> Assuming the second metric goes missing how is the binary expression 
evaluated exactly?

The same as it always is.  Remember that the left-hand side and the 
right-hand side are both vectors, containing zero or more values, each 
value having a distinct set of labels. Noting the documentation here 
<https://prometheus.io/docs/prometheus/latest/querying/operators/#logical-set-binary-operators>
:

*    vector1*
* and vector2 results in a vector consisting of the elements of vector1 for 
which there are elements in vector2 with exactly matching label sets. Other 
elements are dropped. The metric name and values are carried over from the 
left-hand side vector.*

Therefore, if the RHS of "and" is an empty vector, then the result of the 
entire "and" expression is an empty vector - since there is nothing in 
vector2 for vector1 to match.

> In the "normal" case, i.e. "foo and bar" we would not have points but in 
the case of "absent(foo) and bar", from my tests, it seems to me the "bar" 
filtering is simply ignored.

I don't understand what mean by that.
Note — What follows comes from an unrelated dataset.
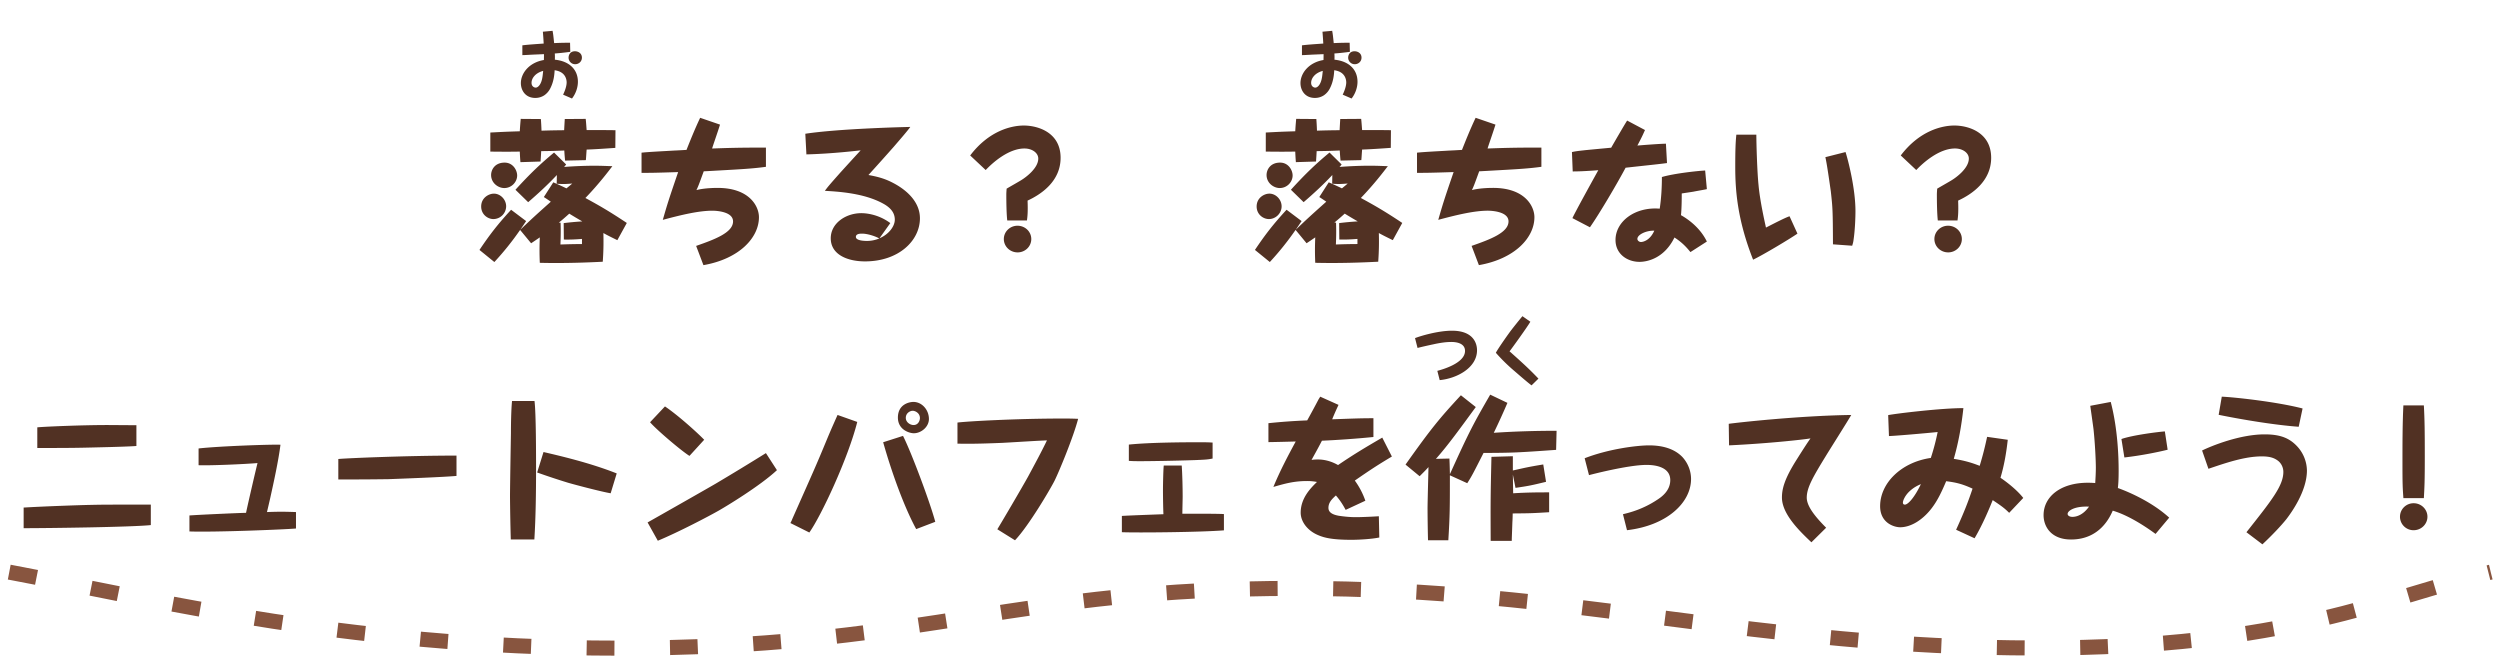 <svg xmlns="http://www.w3.org/2000/svg" width="270" height="71" fill="none"><path fill="#513123" d="m60.895 25.871-.017-1.775a31 31 0 0 1 2.01-.184 48 48 0 0 1-1.407-.838c-.369.335-.737.653-1.122.971h.184c.017.486.033 1.223-.017 2.362a68 68 0 0 1 2.328-.05v-.553c-.636.05-1.206.084-1.96.067M55.2 22.655l1.624 1.223c-.217.318-.469.703-.636.938 1.357-1.29 1.54-1.457 3.3-3.032a20 20 0 0 0-.754-.502l1.022-1.591c.753.335 1.072.485 1.423.653.1-.084.536-.436.62-.52-.268.017-.603.05-.938.05-.318 0-.553-.016-.737-.033l.017-.938c-.972 1.039-2.027 2.01-3.099 2.932l-1.373-1.34c1.608-1.776 2.797-2.882 4.17-4.02l1.307 1.29c-.15.183-.168.217-.235.267a45 45 0 0 1 3.216-.134c.838 0 1.44.034 2.01.05-.402.52-1.457 1.927-2.914 3.434 1.407.77 2.462 1.357 4.472 2.697l-1.022 1.86c-.787-.386-1.122-.553-1.507-.771.017.67.033 1.708-.067 3.099-1.625.083-4.204.184-6.8.117a30 30 0 0 1 0-2.747c-.386.268-.587.402-.939.636-.469-.57-.77-.938-1.189-1.44a31 31 0 0 1-2.78 3.467l-1.608-1.306c1.122-1.675 2.01-2.814 3.417-4.339m1.038-9.815 2.178.017c.033.469.05.787.067 1.256 1.122-.034 1.256-.034 2.445-.05.034-.654.05-.905.067-1.207l2.261-.016c.034.301.05.519.1 1.206.905 0 2.078 0 3.116.017l-.016 1.909c-1.206.084-2.144.15-3.1.184-.05.687-.05.788-.083 1.14l-2.244.05c-.05-.553-.067-.738-.084-1.09-1.223.051-1.357.051-2.496.068-.033.67-.05.82-.067 1.122l-2.177.067c-.034-.436-.05-.687-.067-1.139-1.357.017-1.407.017-3.183 0v-2.06c1.625-.084 1.625-.084 3.183-.134.033-.62.067-.955.1-1.34m-1.742 4.723c.921 0 1.357.838 1.357 1.39 0 .704-.603 1.357-1.39 1.357-.67 0-1.424-.552-1.424-1.407 0-.57.402-1.34 1.457-1.34m-1.156 3.35c.704 0 1.324.637 1.324 1.374a1.39 1.39 0 0 1-1.374 1.373c-.62 0-1.323-.502-1.323-1.357 0-.954.837-1.39 1.373-1.39m22.278-8.19 2.144.736c-.134.42-.184.587-.687 2.06-.1.302-.134.403-.167.52 1.842-.067 2.998-.1 5.812-.1v2.076c-1.173.168-2.53.252-3.702.319-2.362.134-2.63.15-3.015.167-.536 1.474-.603 1.642-.787 2.027.904-.234 2.077-.234 2.295-.234 3.4 0 4.455 1.96 4.455 3.165 0 2.228-2.144 4.506-5.996 5.176l-.788-2.077c1.96-.687 3.987-1.424 3.987-2.646 0-1.156-2.127-1.156-2.228-1.156-1.407 0-3.182.402-5.36.988.52-1.792.586-2.027 1.658-5.159-2.596.084-3.065.084-3.953.084V16.49c.72-.084 2.513-.167 3.317-.218.251-.016.435-.016 1.54-.083.353-.888.872-2.195 1.475-3.468m11.474 3.952-.118-2.227c3.484-.536 10.369-.72 11.34-.737-.335.469-1.156 1.407-1.759 2.11a265 265 0 0 1-2.763 3.082c1.005.184 1.775.386 2.663.855 1.54.803 2.898 2.093 2.898 3.819 0 2.428-2.312 4.656-5.93 4.656-1.876 0-3.702-.72-3.702-2.496 0-1.624 1.625-2.713 3.3-2.713.335 0 1.759.05 3.132 1.072l-1.172 1.641c1.005-.418 1.658-1.29 1.658-2.01s-.419-1.273-1.24-1.725c-2.076-1.156-4.89-1.306-6.314-1.39.301-.402.368-.503 1.692-1.993.335-.369 1.859-2.044 2.177-2.379-.067 0-2.981.369-5.862.436m5.343 8.912c0 .385.82.435 1.19.435.485 0 .937-.1 1.34-.268-.353-.201-1.207-.52-1.877-.52-.167 0-.653 0-.653.352m15.979.234c0-.804.67-1.44 1.474-1.44.821 0 1.491.636 1.491 1.44s-.67 1.44-1.474 1.44c-.837 0-1.491-.653-1.491-1.44m2.496-2.01h-2.127c-.084-.703-.101-2.027-.101-2.78 0-.218.017-.402.034-.654.687-.402 1.373-.787 1.608-.938.435-.268 1.809-1.256 1.809-2.311 0-.62-.67-1.089-1.491-1.089-1.675 0-3.367 1.457-4.187 2.328l-1.675-1.574c2.06-2.714 4.505-3.233 5.795-3.233 1.508 0 3.97.737 3.97 3.484 0 2.546-2.111 3.953-3.568 4.623.05 1.273-.017 1.775-.067 2.144m33.735 2.06-.017-1.775a31 31 0 0 1 2.01-.184 48 48 0 0 1-1.407-.838c-.369.335-.737.653-1.122.971h.184c.017.486.033 1.223-.017 2.362a68 68 0 0 1 2.328-.05v-.553c-.636.05-1.206.084-1.959.067m-5.695-3.216 1.624 1.223c-.217.318-.469.703-.636.938 1.357-1.29 1.541-1.457 3.3-3.032a21 21 0 0 0-.754-.502l1.022-1.591c.753.335 1.072.485 1.423.653.101-.084.536-.436.62-.52-.268.017-.603.05-.938.05-.318 0-.553-.016-.737-.033l.017-.938c-.972 1.039-2.027 2.01-3.099 2.932l-1.373-1.34c1.608-1.776 2.797-2.882 4.17-4.02l1.307 1.29c-.151.183-.168.217-.235.267a45 45 0 0 1 3.216-.134c.838 0 1.441.034 2.01.05-.402.52-1.457 1.927-2.914 3.434 1.407.77 2.462 1.357 4.472 2.697l-1.022 1.86c-.787-.386-1.122-.553-1.507-.771.017.67.033 1.708-.067 3.099-1.625.083-4.204.184-6.801.117a30 30 0 0 1 0-2.747c-.385.268-.586.402-.938.636-.469-.57-.77-.938-1.189-1.44a31 31 0 0 1-2.78 3.467l-1.608-1.306c1.122-1.675 2.01-2.814 3.417-4.339m1.038-9.815 2.178.017c.033.469.05.787.067 1.256 1.122-.034 1.256-.034 2.445-.05.034-.654.05-.905.067-1.207l2.261-.016c.034.301.051.519.101 1.206.904 0 2.077 0 3.115.017l-.016 1.909c-1.206.084-2.144.15-3.099.184-.05.687-.05.788-.084 1.14l-2.244.05a21 21 0 0 1-.084-1.09c-1.223.051-1.357.051-2.496.068-.033.67-.05.82-.067 1.122l-2.177.067a23 23 0 0 1-.067-1.139c-1.357.017-1.407.017-3.183 0v-2.06c1.625-.084 1.625-.084 3.183-.134.033-.62.067-.955.1-1.34m-1.742 4.723c.921 0 1.357.838 1.357 1.39 0 .704-.603 1.357-1.39 1.357-.67 0-1.424-.552-1.424-1.407 0-.57.402-1.34 1.457-1.34m-1.156 3.35c.704 0 1.324.637 1.324 1.374 0 .754-.637 1.373-1.374 1.373-.62 0-1.323-.502-1.323-1.357 0-.954.837-1.39 1.373-1.39m22.278-8.19 2.144.736c-.134.42-.184.587-.687 2.06-.1.302-.134.403-.167.52 1.842-.067 2.998-.1 5.812-.1v2.076c-1.173.168-2.529.252-3.702.319-2.362.134-2.63.15-3.015.167-.536 1.474-.603 1.642-.787 2.027.904-.234 2.077-.234 2.295-.234 3.4 0 4.455 1.96 4.455 3.165 0 2.228-2.144 4.506-5.996 5.176l-.788-2.077c1.96-.687 3.987-1.424 3.987-2.646 0-1.156-2.127-1.156-2.228-1.156-1.407 0-3.182.402-5.36.988.519-1.792.586-2.027 1.658-5.159-2.596.084-3.065.084-3.953.084V16.49c.721-.084 2.513-.167 3.317-.218.251-.016.435-.016 1.541-.083.352-.888.871-2.195 1.474-3.468m16.365.301 1.926 1.022c-.184.402-.268.636-.821 1.675 1.039-.084 2.362-.184 3.082-.201l.117 2.093c-1.005.134-1.44.168-4.472.503-.955 1.792-2.831 4.975-3.852 6.432l-1.893-.988c.352-.754 2.11-3.936 2.797-5.176-1.491.117-2.278.134-2.764.134l-.083-2.094c.636-.134 1.005-.167 4.237-.469.268-.469 1.458-2.529 1.726-2.931m8.609 13.065-1.775 1.139c-.235-.285-.771-.972-1.726-1.575-1.105 2.262-2.948 2.63-3.768 2.63-1.357 0-2.597-.87-2.597-2.361 0-2.01 2.111-3.602 4.774-3.384.168-1.122.235-2.278.235-3.417 1.373-.402 3.953-.67 4.673-.703l.184 2.01c-.184.05-1.189.217-1.407.267-.184.034-1.105.168-1.306.201 0 .268 0 1.625-.084 2.345.603.335 2.027 1.257 2.797 2.848m-5.678-1.172c-.854-.034-1.826.418-1.826.887 0 .184.201.335.385.335.168 0 .955-.117 1.441-1.223m8.861-10.369h2.16c0 .888.084 3.937.235 5.427.151 1.675.62 3.769.804 4.606.821-.418 2.043-1.055 2.546-1.222l.854 1.876c-.904.62-3.735 2.311-4.79 2.814-1.709-4.338-1.927-7.521-1.927-10.033 0-1.793.034-2.664.118-3.468m9.614 2.429 2.178-.553c.251.77 1.072 3.886 1.072 6.382 0 .72-.051 2.06-.201 3.065-.034.302-.084.436-.151.67l-2.077-.15c-.017-3.719-.034-3.937-.235-5.746-.033-.184-.385-2.814-.586-3.668m11.775 8.844c0-.804.67-1.44 1.474-1.44.821 0 1.491.636 1.491 1.44s-.67 1.44-1.474 1.44c-.837 0-1.491-.653-1.491-1.44m2.496-2.01h-2.127c-.084-.703-.101-2.027-.101-2.78 0-.218.017-.402.034-.654.687-.402 1.373-.787 1.608-.938.435-.268 1.809-1.256 1.809-2.311 0-.62-.67-1.089-1.491-1.089-1.675 0-3.367 1.457-4.187 2.328l-1.675-1.574c2.06-2.714 4.505-3.233 5.795-3.233 1.508 0 3.97.737 3.97 3.484 0 2.546-2.111 3.953-3.568 4.623.05 1.273-.017 1.775-.067 2.144M14.732 45.921v2.245c-.503.05-2.295.1-2.898.117-3.317.084-3.652.101-7.806.101v-2.228c.47-.067 5.076-.268 7.873-.251 2.278.017 2.53.017 2.83.017m1.557 8.577v2.21c-2.01.218-11.155.336-13.735.336v-2.228c2.245-.134 6.164-.268 7.102-.285 1.525-.033 1.642-.033 6.633-.033m15.678.804v1.775c-1.005.1-8.777.419-11.507.319V55.67c1.122-.084 5.31-.268 6.114-.285.2-.971 1.122-4.94 1.24-5.376-1.29.117-5.126.285-6.366.234v-1.809c2.195-.251 7.957-.452 8.844-.402-.217 1.726-.72 4.02-1.122 5.83-.05.217-.285 1.239-.335 1.44.503-.017.905-.034 1.558-.034.603 0 .971.017 1.574.034m17.337-6.097v2.194c-1.458.134-6.03.301-7.37.352-1.357.017-2.513.033-5.394.033v-2.21c.72-.084 7.504-.37 12.764-.37m5.996-5.896h2.429c.167 1.323.167 5.879.167 7.387 0 2.412-.033 5.175-.184 7.57h-2.546a228 228 0 0 1-.084-4.606c0-1.088.084-5.896.1-6.884 0-.77.018-2.446.118-3.467m11.306 7.822-.653 2.144c-1.005-.167-3.92-.938-4.606-1.139a78 78 0 0 1-3.333-1.105l.686-2.212c1.642.386 5.009 1.156 7.906 2.312m16.114-2.194 1.19 1.842c-1.827 1.709-5.528 3.936-6.265 4.355-1.022.587-4.339 2.328-6.6 3.267l-1.105-1.977c.485-.268 6.968-3.953 7.353-4.187a293 293 0 0 0 5.427-3.3m-12.512-3.334 1.608-1.708c1.423.955 3.567 2.898 4.237 3.601l-1.59 1.742c-.889-.553-3.569-2.83-4.255-3.635m28.441-2.194c.921 0 1.675.855 1.675 1.843 0 .87-.854 1.54-1.625 1.54-.502 0-1.725-.385-1.725-1.691 0-1.457 1.256-1.692 1.675-1.692m-.084.955c-.234 0-.737.218-.737.77 0 .47.47.771.838.771.52 0 .687-.502.687-.754 0-.536-.503-.787-.788-.787m-8.107.452 2.128.754c-1.005 3.97-3.903 10.15-5.176 11.943l-2.044-1.022c.151-.301.168-.335.185-.402 2.311-5.21 2.58-5.779 3.735-8.576.536-1.29.854-1.977 1.172-2.697m4.925 2.948 2.144-.687c.955 1.893 2.965 7.32 3.484 9.28l-2.06.787c-1.257-2.311-2.597-5.946-3.568-9.38M109.62 58.35l-1.909-1.189c.435-.703 2.697-4.556 3.316-5.678.704-1.307 1.474-2.73 2.044-3.92-.771.017-4.154.235-4.858.268-2.864.117-3.902.1-4.807.084v-2.278c.988-.134 6.432-.435 11.273-.435.737 0 1.038 0 1.759.033-.503 1.943-2.061 5.712-2.546 6.683-.436.871-2.798 4.891-4.272 6.432m16.064-8.073h1.943c.067.971.1 2.395.1 3.4 0 .134-.033 1.524-.033 1.809 1.072 0 3.601-.017 4.489.034v1.758c-2.479.201-9.38.268-11.022.201v-1.758c.754-.05 3.585-.151 4.489-.185-.033-.653-.05-1.96-.05-2.613 0-.57.033-2.144.084-2.646m-3.769-.503v-1.758c2.295-.235 5.946-.252 7.588-.252 1.005 0 1.122.017 1.457.034v1.725c-.503.1-.637.117-1.876.167-2.429.084-5.092.118-5.846.118-.586 0-.837 0-1.323-.034m27.369-2.512 1.039 2.043c-1.541.922-2.261 1.39-4.003 2.596a8.3 8.3 0 0 1 1.139 2.178l-2.128.988c-.335-.62-.619-1.055-1.055-1.557-.419.385-.804.753-.804 1.34 0 .452.369.72 1.122.854.788.117 1.324.15 1.91.15.435 0 1.725-.05 2.412-.1l.05 2.295c-.787.167-2.161.251-3.015.251-2.177 0-2.998-.251-3.584-.502-1.173-.486-1.893-1.474-1.893-2.43 0-1.59 1.105-2.68 1.759-3.316a5.4 5.4 0 0 0-1.056-.1c-1.457 0-2.428.285-3.651.636.687-1.675 1.541-3.3 2.412-4.907-.469.016-2.529.067-2.948.067v-2.044a65 65 0 0 1 4.187-.301c.319-.57.838-1.525 1.24-2.295.067-.1.151-.235.167-.268l1.977.887a32 32 0 0 0-.687 1.558c2.312-.083 3.082-.117 4.456-.117v2.027c-1.96.2-4.054.335-5.561.402-.536 1.038-.888 1.641-1.123 2.077.235-.05.654-.05.687-.05 1.022 0 1.792.385 2.178.602 1.691-1.155 2.964-1.909 4.773-2.964m11.658-4.64 1.86.888a74 74 0 0 1-1.474 3.233c2.244-.151 4.505-.218 6.783-.218l-.05 2.06c-4.238.301-4.623.318-7.839.335-1.139 2.244-1.256 2.479-1.759 3.266l-1.876-.854c0 3.484 0 4.271-.167 7.018h-2.194a161 161 0 0 1-.051-3.4c0-.436.017-1.089.101-4.506-.268.302-.419.453-.955.988l-1.524-1.256c2.78-3.92 3.668-4.991 5.98-7.487l1.608 1.273c-1.659 2.261-2.982 4.104-4.305 5.594l1.457-.033c.017.452.034.737.05 1.692 2.144-4.74 2.58-5.511 4.355-8.593m5.729 7.538.301 1.876c-1.591.385-1.809.435-3.299.653l-.285-1.44.033 2.026c1.575-.1 2.848-.1 3.886-.1v2.144c-1.892.117-2.093.117-3.869.133h-.067c0 .151-.017.788-.033.922-.051 1.54-.067 1.725-.067 2.043h-2.278c-.017-4.372-.017-4.656.083-9.078l2.312-.067v1.54c1.424-.317 1.591-.368 3.283-.652m4.941 1.155-.469-1.825c2.68-1.039 5.745-1.39 6.951-1.39 1.324 0 2.68.3 3.602 1.255.586.637.938 1.491.938 2.379 0 2.546-2.597 5.025-6.918 5.527l-.436-1.725c.754-.184 2.161-.536 3.719-1.574.385-.252 1.39-.922 1.39-2.11 0-1.29-1.34-1.642-2.563-1.642-2.026 0-6.164 1.088-6.214 1.105m15.125-3.216-.033-2.328c.804-.117 7.454-.871 13.232-.955-.402.704-2.345 3.769-2.73 4.405-1.407 2.295-2.077 3.451-2.077 4.523 0 .904.854 2.01 2.094 3.25l-1.591 1.574c-1.24-1.172-3.183-3.032-3.183-4.84 0-.972.302-2.061 1.608-4.121.972-1.541 1.206-1.876 1.474-2.261-.636.117-4.522.552-8.794.753m27.872-.921 2.228.318c-.151 1.39-.385 2.764-.787 4.104.402.268 1.692 1.19 2.462 2.178l-1.524 1.608c-.519-.52-.854-.754-1.776-1.374-.284.703-1.021 2.53-1.959 4.12l-1.994-.92c.905-1.994 1.273-2.949 1.776-4.44-1.072-.485-1.675-.653-2.848-.803-.452 1.055-.921 2.11-1.641 3.014-.955 1.207-2.194 1.96-3.333 1.96-.637 0-2.161-.452-2.161-2.278 0-2.462 2.244-4.74 5.477-5.209a24 24 0 0 0 .737-2.797c-1.323.134-4.573.419-5.259.435l-.084-2.261c.804-.167 5.846-.77 8.124-.754-.201 1.843-.52 3.685-1.039 5.477 1.323.202 2.211.52 2.797.754.402-1.323.603-2.21.804-3.132m-7.152 5.109c-.318.134-.72.318-1.189.737-.486.435-.754 1.005-.754 1.256 0 .218.168.218.218.218.301 0 .988-.67 1.725-2.211m18.291-8.459 2.211-.419c.771 2.948.854 6.047.854 7.437 0 .938-.033 1.424-.083 1.86 1.407.502 3.802 1.607 5.544 3.199l-1.474 1.758c-.687-.502-2.697-1.942-4.623-2.512-.285.636-1.357 3.115-4.506 3.115-2.144 0-2.965-1.39-2.965-2.63 0-1.976 1.809-3.5 4.774-3.5.369 0 .62.017.804.033.017-.267.067-1.055.067-1.658 0-.737-.084-2.58-.251-4.154-.05-.402-.302-2.177-.352-2.529m-.134 10.887c-1.574-.067-2.311.453-2.311.788 0 .167.184.318.519.318.419 0 1.139-.184 1.792-1.105m3.819-5.31-.318-1.992c1.239-.436 4.12-.788 4.69-.821l.301 1.976c-.854.218-2.763.62-4.673.838m19.246-5.292-.419 1.976c-2.496-.184-5.829-.72-8.643-1.29l.335-1.96c1.34.051 5.946.553 8.727 1.274m-4.338 14.673-1.726-1.307c2.731-3.45 3.987-5.025 3.987-6.515 0-.47-.218-.938-.603-1.223-.369-.268-.804-.453-1.725-.453-1.843 0-3.886.704-5.762 1.34l-.687-1.976c1.139-.553 4.137-1.742 6.75-1.742 1.575 0 2.596.335 3.467 1.24a3.92 3.92 0 0 1 1.106 2.663c0 2.261-1.725 4.606-2.211 5.243-.586.736-1.608 1.809-2.596 2.73m14.857-2.982c0-.804.653-1.457 1.474-1.457s1.491.653 1.491 1.457-.67 1.457-1.491 1.457a1.46 1.46 0 0 1-1.474-1.457m2.579-2.01h-2.211c-.083-1.206-.1-1.49-.1-3.785 0-2.01 0-4.221.1-6.231h2.211c.084 1.558.101 2.797.101 5.51 0 2.781-.034 3.3-.101 4.506M56.414 5.952V4.896c.624-.08 1.536-.136 2.304-.192a39 39 0 0 0-.088-1.28l1.048-.096c.072.392.08.488.168 1.328.784-.04 1.432-.04 1.72-.04l.024.984c-.824.104-1.12.136-1.672.176.016.272.016.416.008.672 1.56.152 2.488 1.064 2.488 2.384 0 .512-.168 1.208-.64 1.808l-.96-.416c.216-.44.384-.952.384-1.32 0-.336-.136-.896-.752-1.168-.2-.088-.368-.12-.544-.152-.024.408-.072 1.216-.496 2.008a2 2 0 0 1-.616.696 1.75 1.75 0 0 1-.984.288c-1.064 0-1.552-.824-1.552-1.6 0-1.048.872-2.224 2.488-2.496 0-.12.008-.288.008-.632-.176.008-1.088.048-1.136.048-.904.048-1 .056-1.2.056m2.248 1.704c-.848.224-1.256.8-1.256 1.288 0 .44.352.52.44.52.208 0 .456-.208.616-.648.12-.336.152-.68.2-1.16m3.432-2.12c.344 0 .752.208.752.688 0 .44-.36.712-.728.712a.71.71 0 0 1-.712-.712c0-.264.152-.688.688-.688M140.611 5.952V4.896c.624-.08 1.536-.136 2.304-.192a39 39 0 0 0-.088-1.28l1.048-.096c.072.392.08.488.168 1.328.784-.04 1.432-.04 1.72-.04l.024.984c-.824.104-1.12.136-1.672.176.016.272.016.416.008.672 1.56.152 2.488 1.064 2.488 2.384 0 .512-.168 1.208-.64 1.808l-.96-.416c.216-.44.384-.952.384-1.32 0-.336-.136-.896-.752-1.168-.2-.088-.368-.12-.544-.152-.024.408-.072 1.216-.496 2.008a2 2 0 0 1-.616.696 1.75 1.75 0 0 1-.984.288c-1.064 0-1.552-.824-1.552-1.6 0-1.048.872-2.224 2.488-2.496 0-.12.008-.288.008-.632-.176.008-1.088.048-1.136.048-.904.048-1 .056-1.2.056m2.248 1.704c-.848.224-1.256.8-1.256 1.288 0 .44.352.52.44.52.208 0 .456-.208.616-.648.12-.336.152-.68.2-1.16m3.432-2.12c.344 0 .752.208.752.688 0 .44-.36.712-.728.712a.71.71 0 0 1-.712-.712c0-.264.152-.688.688-.688M153.095 37.58l-.272-1.064c.568-.224 2.464-.8 3.992-.8 2.296 0 2.704 1.352 2.704 2.112 0 1.888-2.168 3.048-4.032 3.224l-.256-1c.536-.144 2.992-.824 2.992-2.152 0-.888-1.048-.968-1.488-.968-.632 0-1.336.12-1.944.256-.456.096-1.32.288-1.696.392m11.328-3.432.856.6c-.352.6-1.952 2.816-2.248 3.2.112.096.168.136.24.208 1.184 1.056 1.96 1.768 2.88 2.736l-.744.728c-.304-.232-.568-.44-1.832-1.536a19 19 0 0 1-2.024-1.984c.304-.568 1.472-2.2 1.664-2.448.216-.28.8-1.016 1.208-1.504"/><path stroke="#88553F" stroke-dasharray="3 6 3 6" stroke-linejoin="round" stroke-width="1.627" d="M1 61.79c15.091 2.828 37.992 8.575 68.692 8.192 30.699-.384 40.069-6.437 70.252-6.437s49.437 6.437 80.14 6.437c27.06 0 37.467-5.461 48.916-8.192"/></svg>

Can you give examples of the LHS and 
the RHS vectors, and the combined expression, which don't behave how you 
expect?

Note that "foo and bar" and "absent(foo) and bar" will both be empty if bar 
is empty, as just described.

"absent(foo)" is an unusual function:
- if the input vector has one or more values, i.e. any non-empty vector, 
its output is an empty vector (no values)
- if the input vector is empty, its output is one-element vector with a 
single value "1". The label set of that value depends on the exact form of 
the expression inside the parentheses; it tries to do "the right thing" but 
at worst you could have value 1 with empty label set {}

In your case,

    absent(our_metric{environment="pro",service="bar",stack="foo"})

will return
    {environment="pro",service="bar",stack="foo"} 1

i.e. a single-element vector with empty metric name, those labels, and the 
value 1.

Going back to the whole original expression:

    absent(our_metric{environment="pro",service="bar",stack="foo"}) and 
on(stack, environment) up{service="bar",source="app"} == 1

ISTM that is saying you want to generate an alert if 
our_metric{environment="pro",service="bar",stack="foo"} is missing, but 
only if metric up{service="bar",source="app"} exists *and* has value 1. 
That means the alert is suppressed if either:
(a) up{service="bar",source="app"} exists but its value is not 1
(b) up{service="bar",source="app"} does not exist - i.e. that expression 
returns an empty vector. ("up" is a special metric in prometheus; if it 
doesn't exist, it means there is no configured scrape job with those labels)

If that's not what you want, then think about what you actually want, and 
then how to express that.  For example, if you want to suppress the alert 
in case (a) but not in case (b), then you can do this:

    absent(our_metric{environment="pro",service="bar",stack="foo"}) unless 
on(stack, environment) up{service="bar",source="app"} != 1

------
If you don't mind, I will make an observation about the use of "and 
on(...)".  Since the LHS and RHS are vectors, an expression needs to 
identify corresponding values in the LHS vector and the RHS vector, to 
generate a vector of results. The on(...) part is when the LHS and RHS 
vectors don't have exactly the same label sets, and you need to ignore some 
when matching them up. I think you know all this already.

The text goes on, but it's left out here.